SH로 view-dependent visual effects 구현

Point-based Neural Fields and Rendering

geometry primitives를 사용하여 렌더링합니다. 주로, Structure-from-Motion(SFM)으로 point cloud를 추출하여 렌더링에 사용합니다. 3D GS와 같이, point primitives를 ellipsoids로 volume rendering에 사용하는 것도 가능합니다.

3D GS

https://velog.io/@rlaalsthf02/3D-Gaussian-Splatting
initialized from SFM
rasterization: 3D Gaussians -> 2D projected

3. Method

1️⃣ Initialization, 2️⃣ Neural Gaussian Derivation, 3️⃣ Anchor Points Refinement의 과정으로 이뤄집니다. 하나씩 살펴보겠습니다.

Anchor Point Initialization

\mathbf{V} = \Big\{\Big\lfloor \frac{\mathbf{P}}{\epsilon} \Big\rceil\Big\} \cdot \epsilon

use point cloud from COLMAP -> voxelize the scene from this point cloud
$\mathbf{V}$ : voxel centers
$\epsilon$ : voxel size

각 voxel의 중심이 anchor point가 되며, 다음의 파라미터들을 포함합니다.

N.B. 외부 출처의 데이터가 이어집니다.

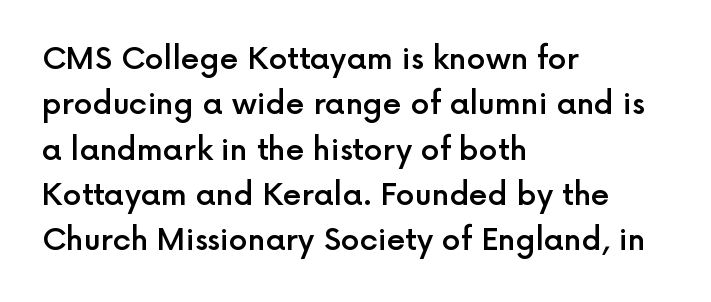
{"serif": "no", "italic": "no", "bold": "semi", "weight": "semibold", "width": "normal", "x_height": "medium", "monospaced": "no", "underline": "no", "align": "left", "line_spacing": "normal", "line_spacing_ratio": 1.51, "letter_spacing": "normal", "letter_spacing_em": 0.0, "glyph_px": 30}

$f_{v} \in \mathbb{R}^{32}$ : a local context feature
$l_{v} \in \mathbb{R}^{3}$ : a scaling factor
$\mathbf{O}_{v} \in \mathbb{R}^{k\times 3}$ : $k$ learnable offsets

Feature weighted sum

\delta_{vc}=||\mathbf{x}_{v}-\mathbf{x}_{c}||_{2}, \quad \overrightarrow{d}_{vc}= \frac{\mathbf{x}_{v}-\mathbf{x}_{c}}{||\mathbf{x}_{v}-\mathbf{x}_{c}||_{2}}

또한 local context feature $f_{v}$ 가 multi-resolution과 view-dependent 특징을 가지도록 다음의 방법을 적용합니다.
1) 2만큼 다운 샘플링하여 features bank $\{f_{v},f_{v_{1}}, f_{v_{2}}\}$ 를 생성합니다.
2) anchor와 position의 차이로 viewing distance $\delta_{vc}$ , viewing direction $\overrightarrow{d}_{vc}$ 을 계산하여 MLP로 weights를 추출합니다.
3) view-dependent weights와 함께 feature bank를 weighted sum 적용하여, integrated anchor feature $\hat{f}_{v}$ 를 형성합니다.

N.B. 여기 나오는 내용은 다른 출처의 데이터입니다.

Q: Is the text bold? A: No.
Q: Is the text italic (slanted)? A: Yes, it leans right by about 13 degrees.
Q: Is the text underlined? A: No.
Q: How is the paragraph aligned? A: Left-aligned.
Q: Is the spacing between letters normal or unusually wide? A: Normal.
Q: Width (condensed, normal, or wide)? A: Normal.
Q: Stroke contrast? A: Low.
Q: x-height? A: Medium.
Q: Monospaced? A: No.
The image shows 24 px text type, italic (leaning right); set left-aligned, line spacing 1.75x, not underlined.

Neural Gaussian Derivation

neural Gaussian을 파라미터화한 항목은 3D GS에서의 가우시안과 동일합니다.

Position
Opacity
Covariance
- quaternion
- scaling
Color

viewing frustum 내의 anchor point에 대해 $k$ 개의 neural Gaussians를 생성하고 attributes를 예측합니다. 특히, neural Gaussians의 positions은 아래와 같이 계산됩니다.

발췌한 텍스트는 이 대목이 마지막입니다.